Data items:
------------------------

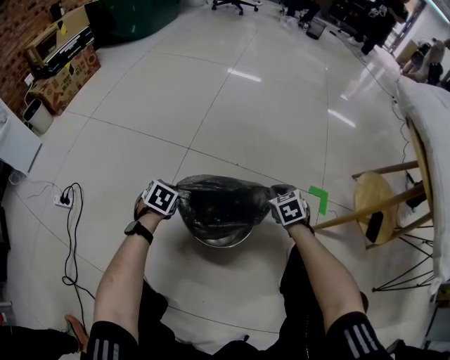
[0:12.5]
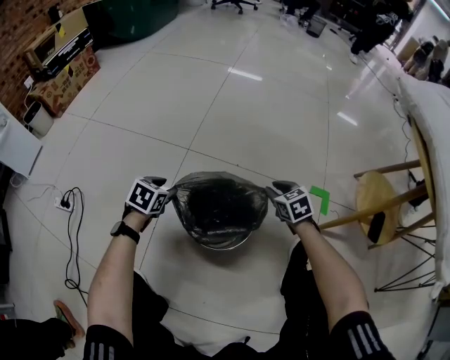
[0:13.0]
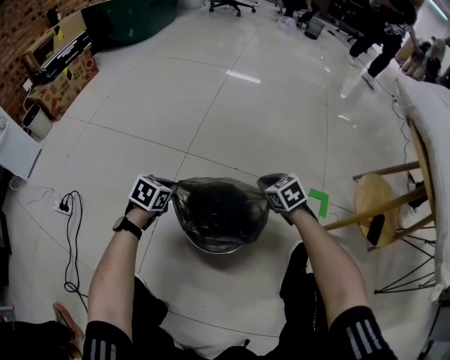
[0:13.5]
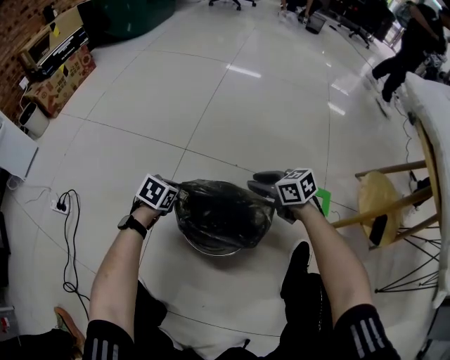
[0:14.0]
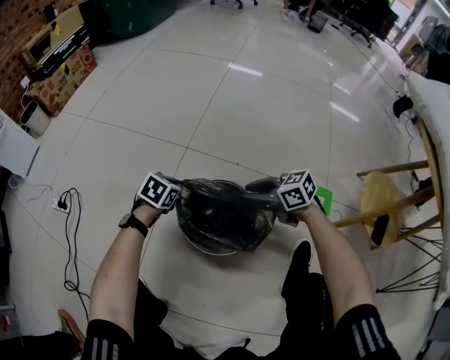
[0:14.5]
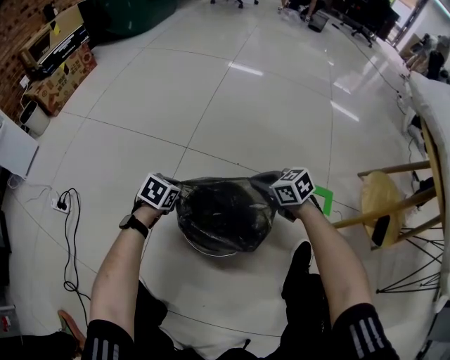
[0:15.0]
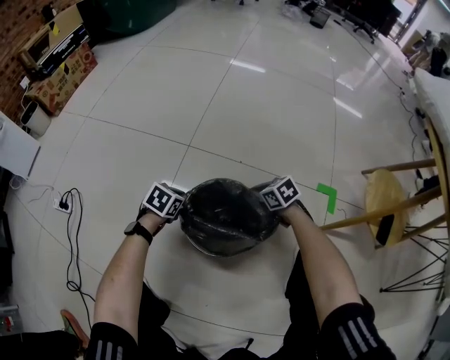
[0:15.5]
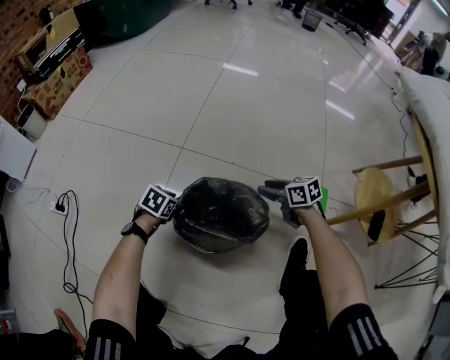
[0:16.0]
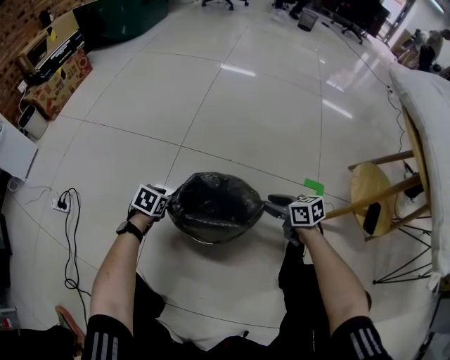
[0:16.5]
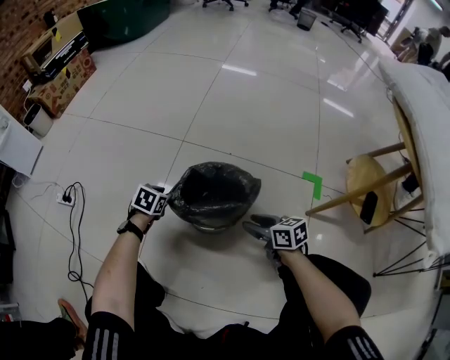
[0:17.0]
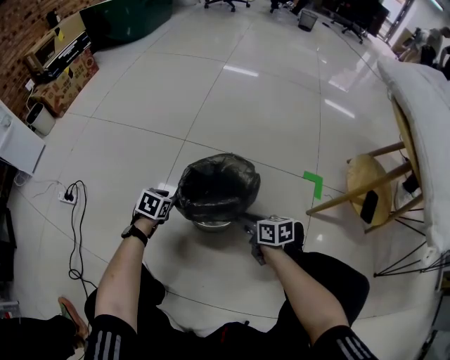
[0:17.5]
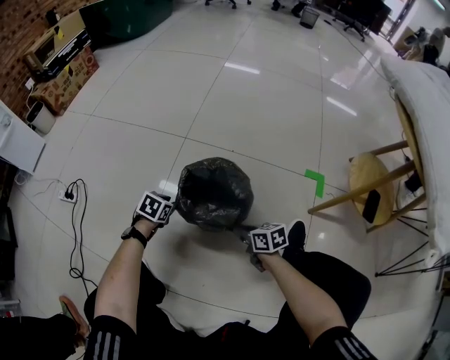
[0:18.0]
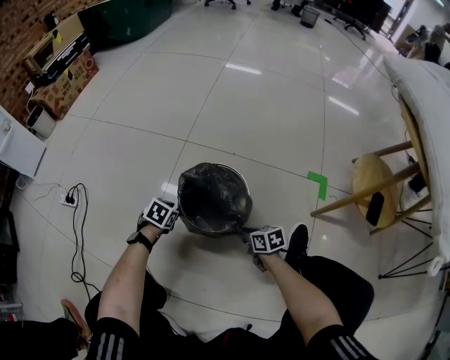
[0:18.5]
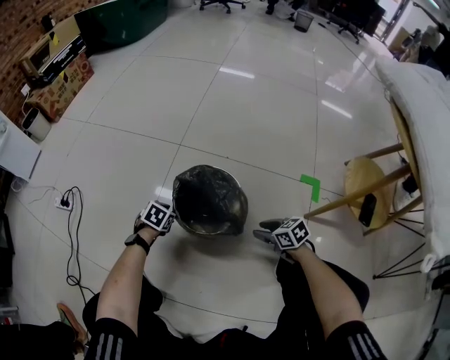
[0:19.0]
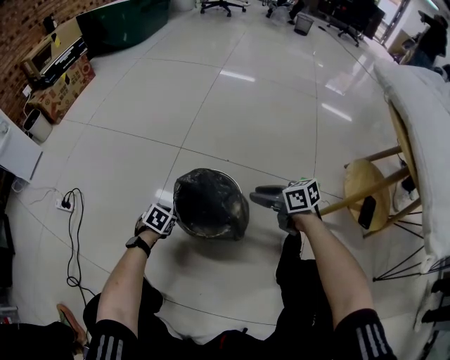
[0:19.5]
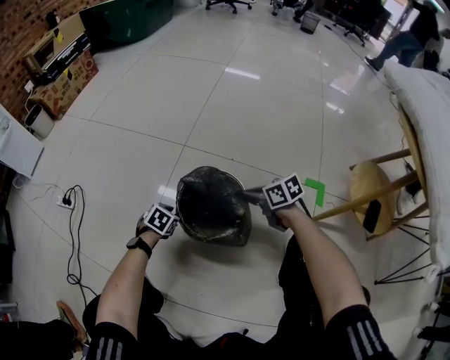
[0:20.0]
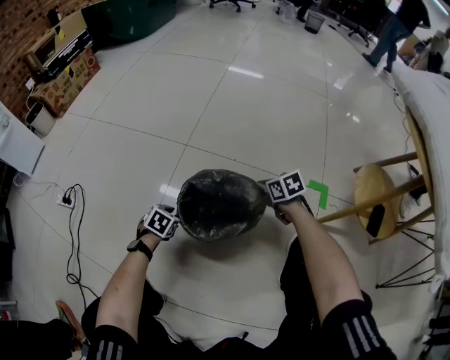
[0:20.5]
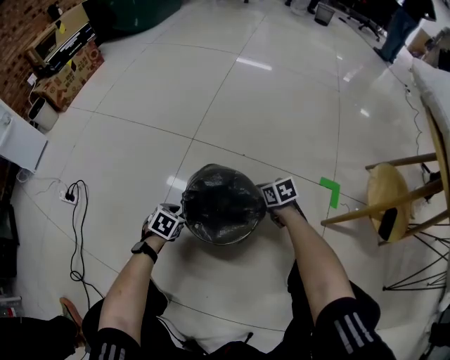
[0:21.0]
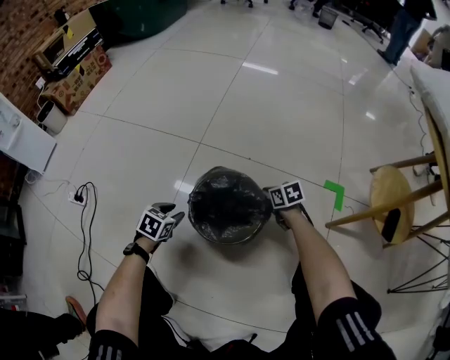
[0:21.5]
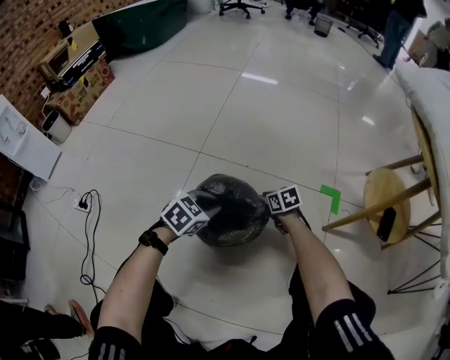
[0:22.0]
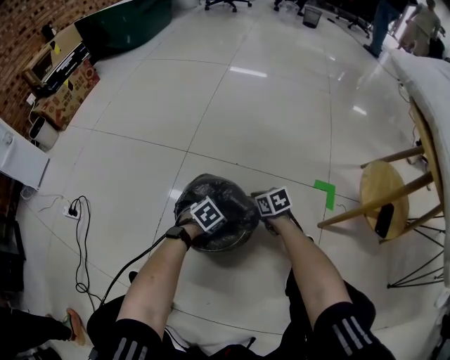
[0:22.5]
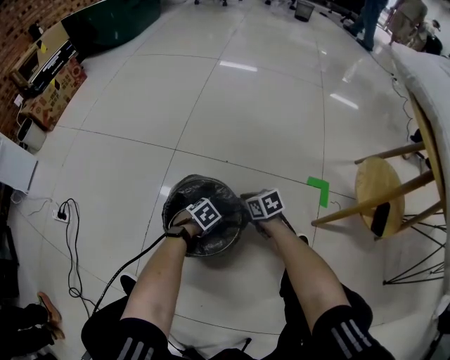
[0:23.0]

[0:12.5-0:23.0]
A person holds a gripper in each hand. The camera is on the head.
0:12.5 to 0:14.5: The left gripper opens, then closes once more. The right gripper heads to the left, covering some 10 cm, swivels some 50 degrees, and opens.
0:14.5 to 0:16.5: The left gripper shifts by about 5 cm, and opens its fingers. Meanwhile the right gripper goes approximately 10 cm to the right and backward, moves approximately 10 cm downward and comes back, changes its angle by some 30 degrees, and closes, then reopens.
0:16.5 to 0:19.0: The right gripper travels backward and downward by roughly 15 cm, and closes and opens again. Meanwhile the left gripper heads backward, covering approximately 10 cm.
0:19.0 to 0:21.0: The right gripper heads forward, covering approximately 20 cm, and closes.
0:21.0 to 0:23.0: The right gripper opens its fingers. The left gripper travels upward and back again, about 15 cm each way, and changes its angle by some 30 degrees.

------------------------

What to work on: Each line above should be written out again unchanged; no images are to be carried over.

Answer:
[0:12.5]
[0:13.0]
[0:13.5]
[0:14.0]
[0:14.5]
[0:15.0]
[0:15.5]
[0:16.0]
[0:16.5]
[0:17.0]
[0:17.5]
[0:18.0]
[0:18.5]
[0:19.0]
[0:19.5]
[0:20.0]
[0:20.5]
[0:21.0]
[0:21.5]
[0:22.0]
[0:22.5]
[0:23.0]

[0:12.5-0:23.0]
A person holds a gripper in each hand. The camera is on the head.
0:12.5 to 0:14.5: The left gripper opens, then closes once more. The right gripper heads to the left, covering some 10 cm, swivels some 50 degrees, and opens.
0:14.5 to 0:16.5: The left gripper shifts by about 5 cm, and opens its fingers. Meanwhile the right gripper goes approximately 10 cm to the right and backward, moves approximately 10 cm downward and comes back, changes its angle by some 30 degrees, and closes, then reopens.
0:16.5 to 0:19.0: The right gripper travels backward and downward by roughly 15 cm, and closes and opens again. Meanwhile the left gripper heads backward, covering approximately 10 cm.
0:19.0 to 0:21.0: The right gripper heads forward, covering approximately 20 cm, and closes.
0:21.0 to 0:23.0: The right gripper opens its fingers. The left gripper travels upward and back again, about 15 cm each way, and changes its angle by some 30 degrees.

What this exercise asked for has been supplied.